Law Review is not a golden ticket to a job, it just helps. A person could be in the bottom half and write on to law review and it doesn't mean they have a golden ticket. Especially at UNLV where everyone essentially writes-on, it's much more of a crap shoot than other schools where the top 15% grade on so it's a bigger sign that you are a high performer.
I admittedly don't have a lot of experience with part-time students but perhaps they don't think you'll be able to work summers because you have a full-time job? And no offense, but in looking at some of your older posts, maybe the inconsistency in your grades is another contributing factor.
Bottom line, on the whole, the vast majority of people nationwide don't get jobs through OCI. It's a crapshoot and you can't count on it unless you go to an elite school.
My intention was not to engage in a debate. I just wanted to make the point that if someone who is in the top third of her class and on Law Review, a credential I was led to believe is quite valuable to most employers, and is still unable to get interviews, there is something wrong here. There can only be one other explanation as to why my classmates are getting interviews: they are full-time students, whereas I'm a part-time student who has a full-time job.
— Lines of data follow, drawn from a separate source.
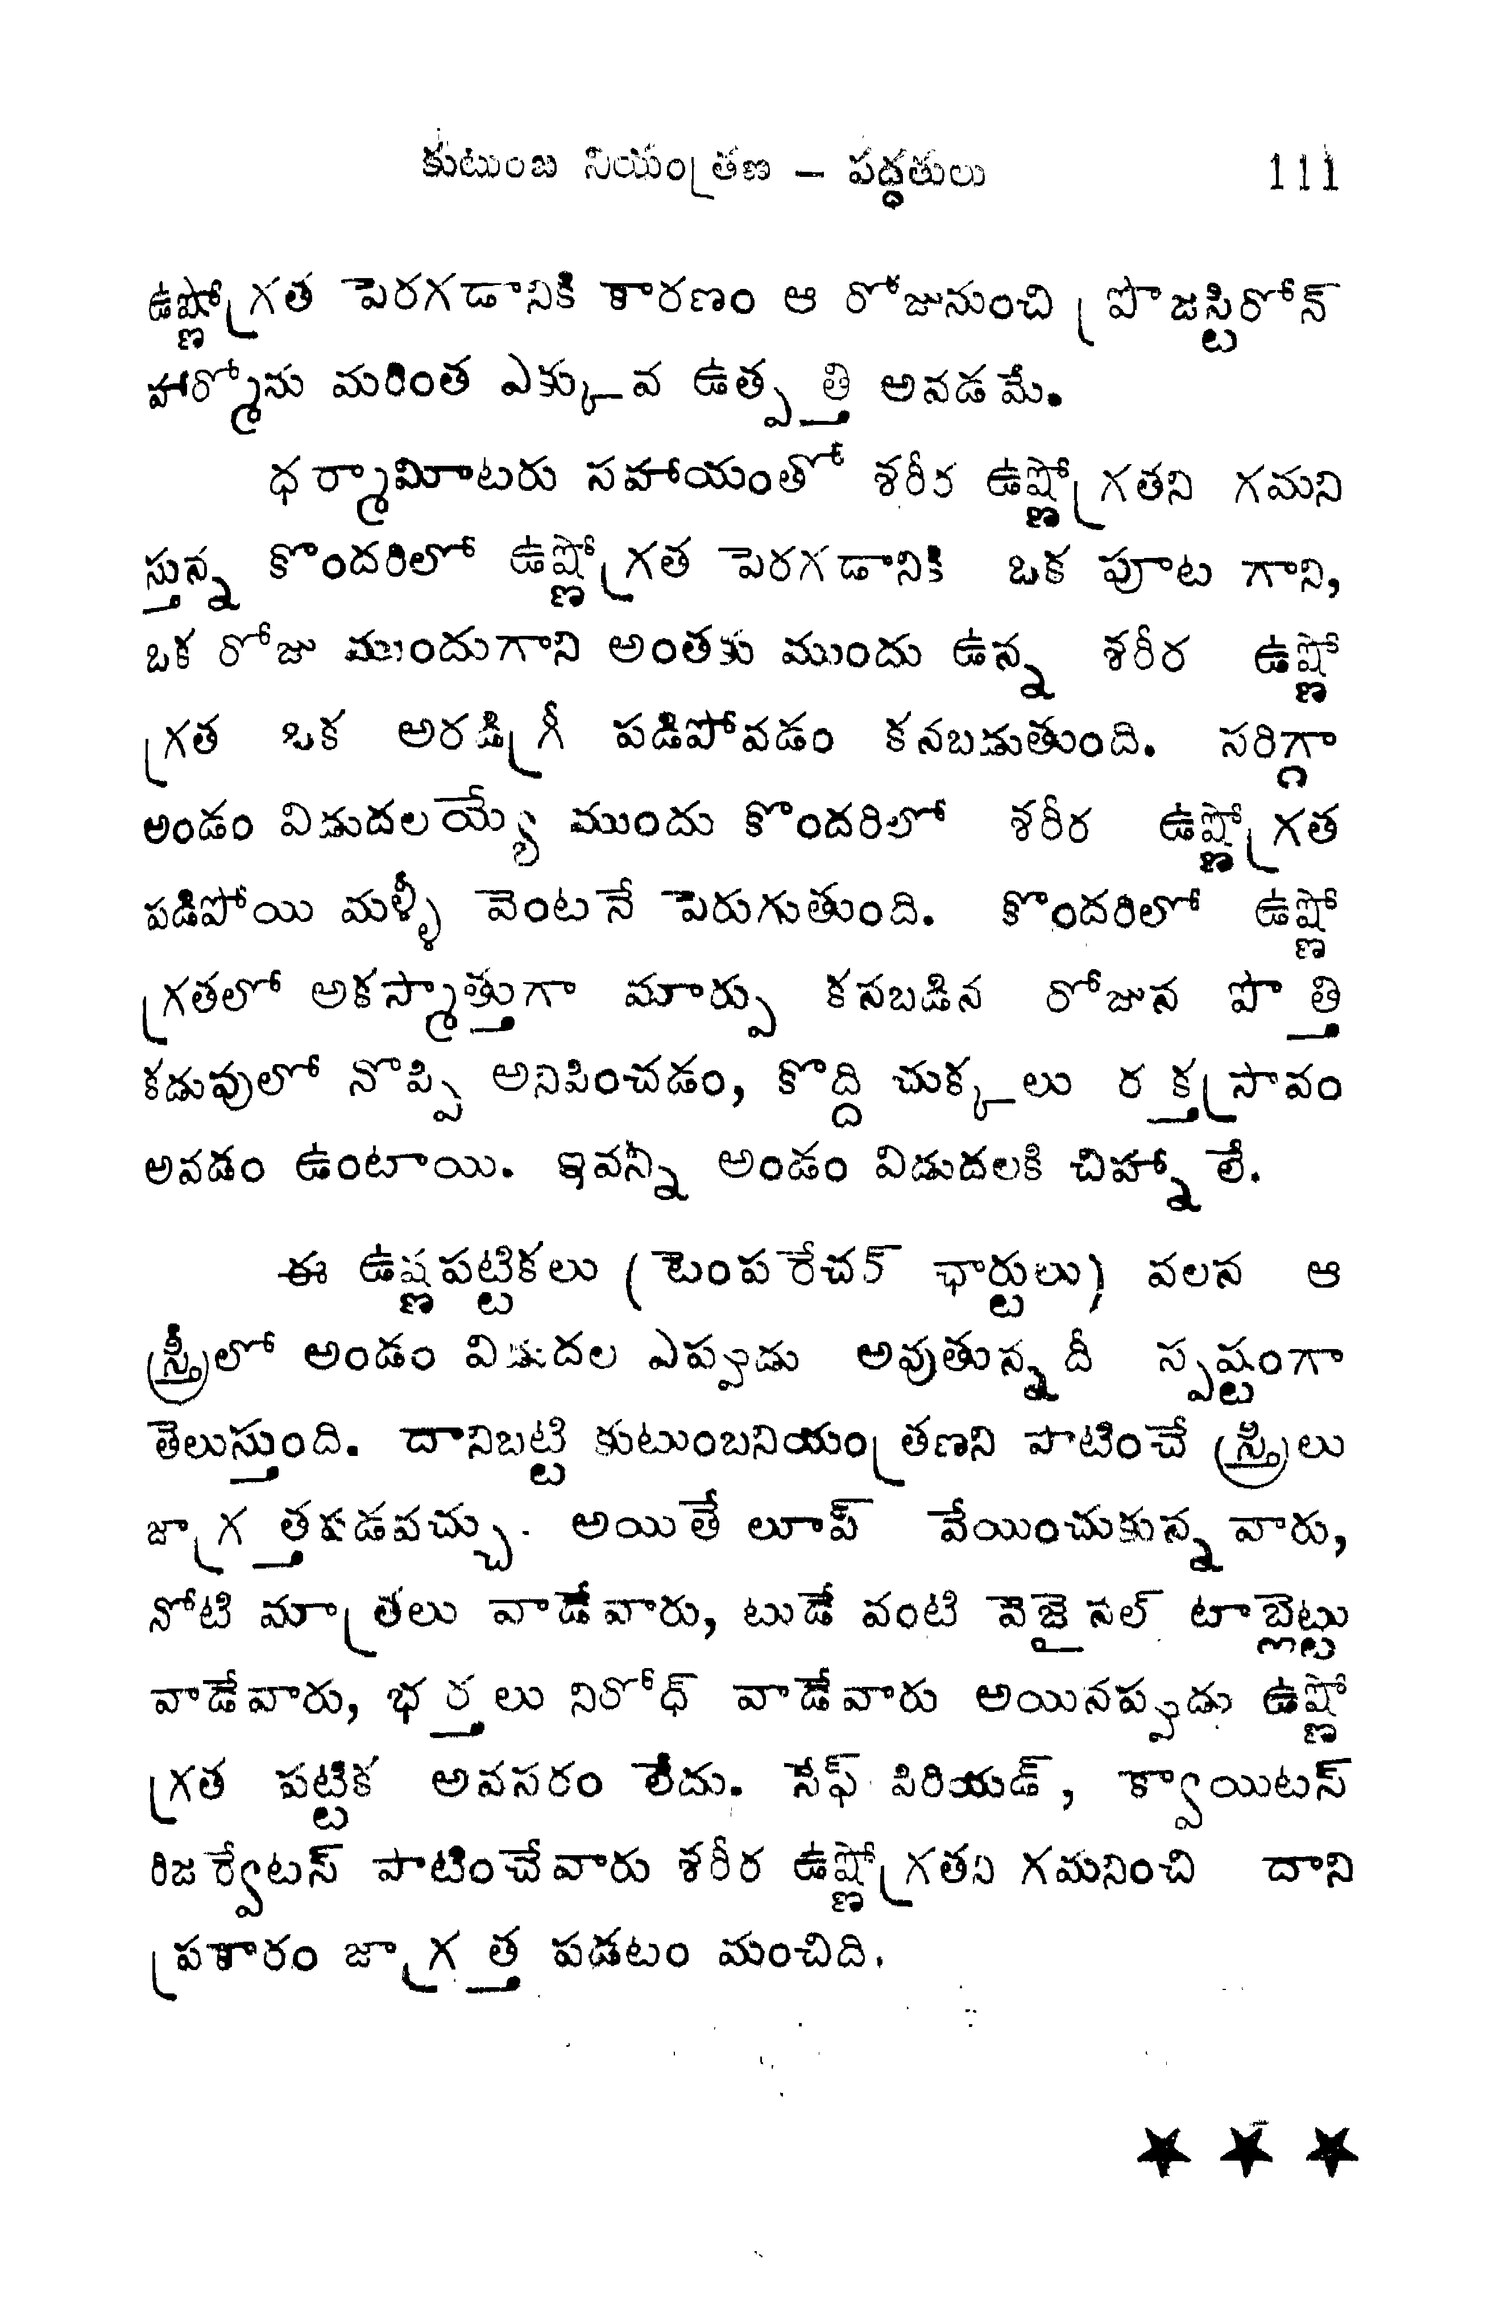ఉష్ణోగ్రత పెరగడానికి కారణం ఆ రోజునుంచి ప్రొజిస్టిరోన్ హార్మోను మరింత ఎక్కువ ఉత్పత్తి అవడమే.

ధర్మామీటరు సహాయంతో శరీర ఉష్ణోగ్రతని గమనిస్తున్న కొందరిలో ఉష్ణోగ్రత పెరగడానికి ఒక పూట గాని, ఒక రోజు ముందుగాని అంతకు ముందు ఉన్న శరీర ఉష్ణోగ్రత ఒక అరడిగ్రీ పడిపోవడం కనబడుతుంది. సరిగ్గా అండం విడుదలయ్యే ముందు కొందరిలో శరీర ఉష్ణోగ్రత పడిపోయి మళ్ళీ వెంటనే పెరుగుతుంచి. కొందరిలో ఉష్ణోగ్రతలో అకస్మాత్తుగా మార్పు కనబడిన రోజున పొత్తికడుపులో నొప్పి అనిపించడం, కొద్ది చుక్కలు రక్తస్రావం అవడం ఉంటాయి. ఇవన్నీ ఆండం విడుదలకి చిహ్నాలే.

ఈ ఉష్ణపట్టికలు (టెంపరేచర్ చార్టులు) వలన ఆ స్ర్రీలలో అండం విడుదల ఎప్పుడు అవుతున్నదీ స్పష్ణంగా తెలుస్తుంది. దానిబట్టి కుటుంబనియంత్రణని పాటించే స్త్రీలు జాగ్రత్త పడవచ్చు అయితే లూప్ వేయించుకున్నవారు, నోటి మాత్రలు వాడేవరు, టుడే వంటి వెజైనల్ టాబ్లెట్టు వాడేవారు, భర్తలు నిరోధ్ వాడేవారు అయినప్పుడు ఉష్ణోగ్రత పట్టిక అవసరం లేదు. సేఫ్ పెరియడ్, క్వాయిటస్ రిజర్వేటస్ పాటించేవారు శరీర ఉష్ణోగ్రతని గమనించి దాని ప్రకారం జాగ్రత్త పడటం మంచిది.

* * *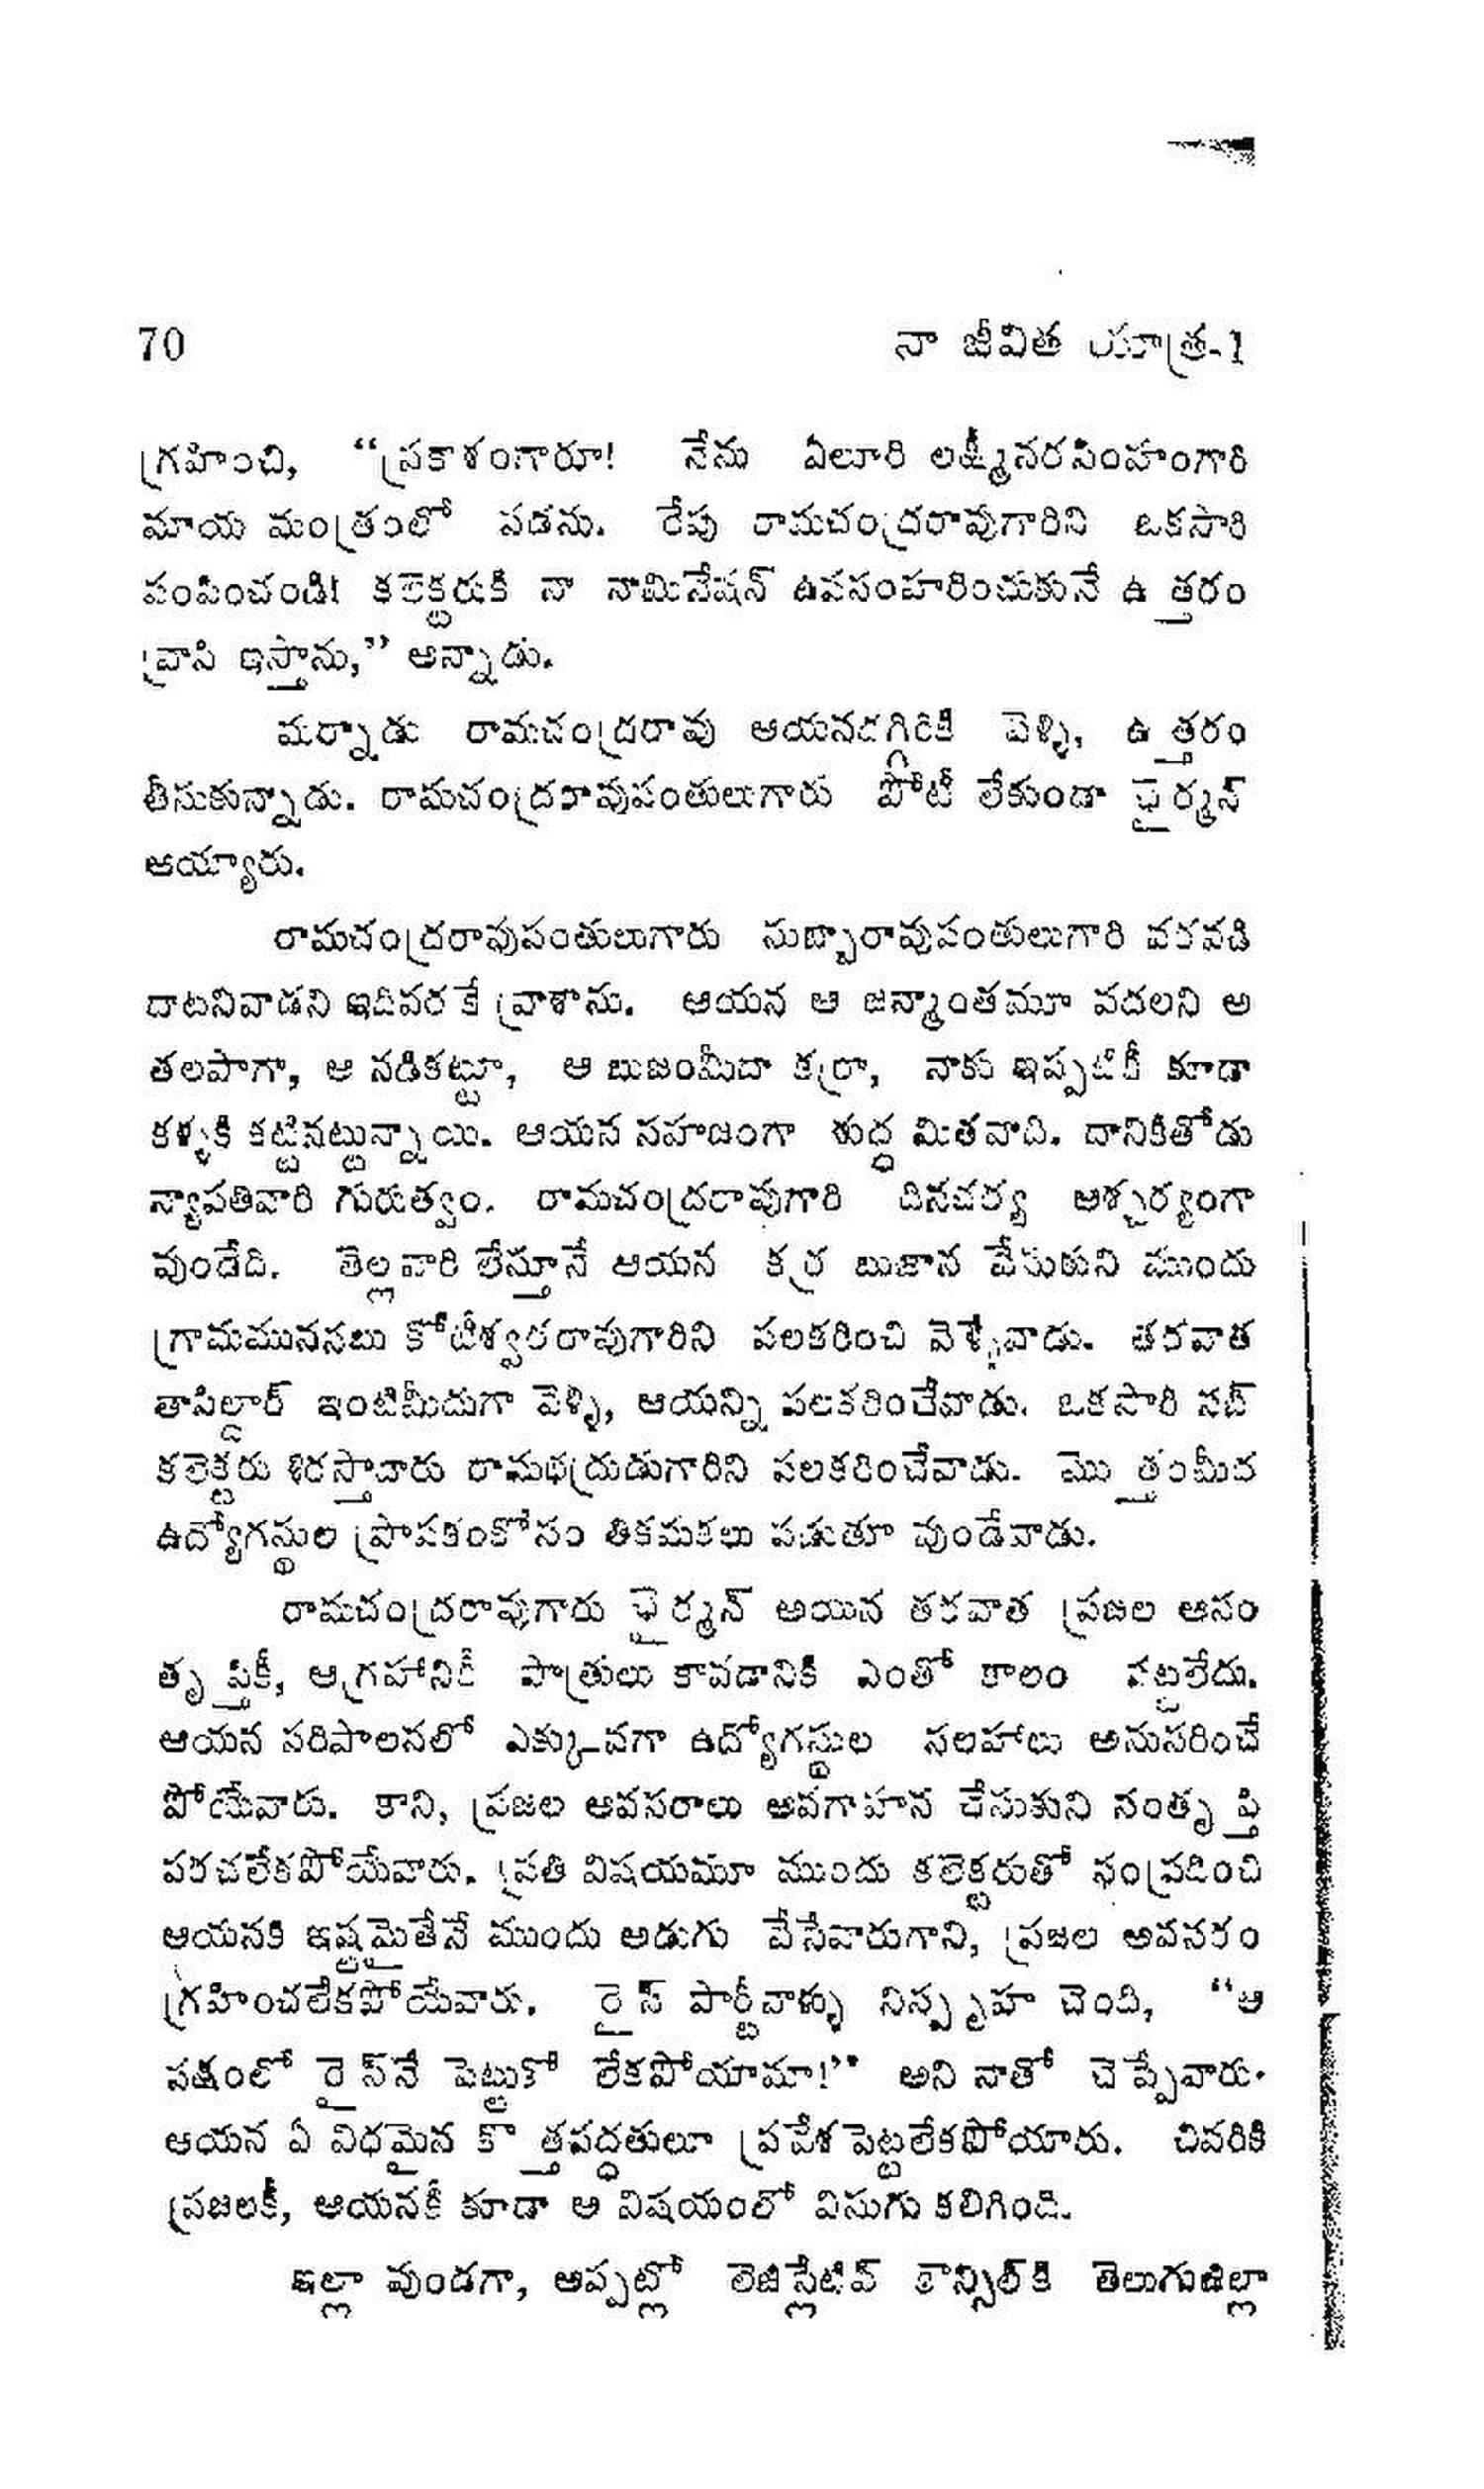గ్రహించి, “ప్రకాశంగారూ! నేను ఏలూరి లక్ష్మీనరసింహంగారి మాయ మంత్రంలో పడను. రేపు రామచంద్రరావుగారిని ఒకసారి పంపించండి! కలెక్టరుకి నా నామినేషన్ ఉపసంహరించుకునే ఉత్తరం వ్రాసి ఇస్తాను," అన్నాడు.

మర్నాడు రామచంద్రరావు ఆయనదగ్గిరికి వెళ్ళి, ఉత్తరం తీసుకున్నాడు. రామచంద్రరావుపంతులుగారు పోటీ లేకుండా చైర్మన్ అయ్యారు.

రామచంద్రరావు పంతులుగారు సుబ్బారావుపంతులుగారి వరవడి దాటనివాడని ఇదివరకే వ్రాశాను. ఆయన ఆ జన్మాంతమూ వదలని అ తలపాగా, ఆ నడికట్టూ, ఆ బుజంమీదా కర్రా, నాకు ఇప్పటికీ కూడా కళ్ళకి కట్టినట్టున్నాయి. ఆయన సహజంగా శుద్ధ మితవాది. దానికితోడు న్యాపతివారి గురుత్వం. రామచంద్రరావుగారి దినచర్య ఆశ్చర్యంగా వుండేది. తెల్లవారి లేస్తూనే ఆయన కర్ర బుజాన వేసుకుని ముందు గ్రామమునసబు కోటీశ్వరరావుగారిని పలకరించి వెళ్ళేవాడు. తరవాత తాసిల్దార్ ఇంటిమీదుగా వెళ్ళి, ఆయన్ని పలకరించేవాడు. ఒకసారీ సబ్ కలెక్టరు శిరస్తాదారు రామభద్రుడుగారిని పలకరించేవాడు. మొత్తంమీద ఉద్యోగస్థుల ప్రాపకంకోసం తికమకలు పడుతూ వుండేవాడు.

రామచంద్రరావుగారు ఛైర్మన్ అయిన తరవాత ప్రజల అసంతృప్తికీ, ఆగ్రహానికీ పాత్రులు కావడానికి ఎంతో కాలం పట్టలేదు. ఆయన పరిపాలనలో ఎక్కువగా ఉద్యోగస్థుల సలహాలు అనుసరించే పోయేవారు. కాని, ప్రజల అవసరాలు అవగాహన చేసుకుని సంతృప్తి పరచలేకపోయేవారు. ప్రతి విషయమూ ముందు కలెక్టరుతో సంప్రదించి ఆయనకి ఇష్టమైతేనే ముందు అడుగు వేసేవారుగాని, ప్రజల అవసరం గ్రహించలేక పోయేవారు. రైస్ పార్టీవాళ్ళు నిస్పృహ చెంది, 'ఆ పక్షంలో రైన్ నే పెట్టుకో లేకపోయామా" అని నాతో చెప్పేవారు. ఆయన ఏ విధమైన కొత్తపద్ధతులూ ప్రవేశపెట్టలేకపోయారు. చివరికి ప్రజలకీ, ఆయనకీ కూడా ఆవిషయంలో విసుగు కలిగింది.
ఇల్లా వుండగా, ఆప్పట్లో లెజిస్లేటివ్ కౌన్సిల్ కి తెలుగుజిల్లా

I've been told that many employers look down upon part-time students because they question their commitment to law school: "she must not be committed if she didn't devote her entire waking hours to law school."
You would think that employers would look more favorably on part-time students who work because you know that part-time working students are NOT lazy and are, in fact, much more committed to law school than your typical 22-year-old kid who knows nothing about the real world because he/she has yet to enter it.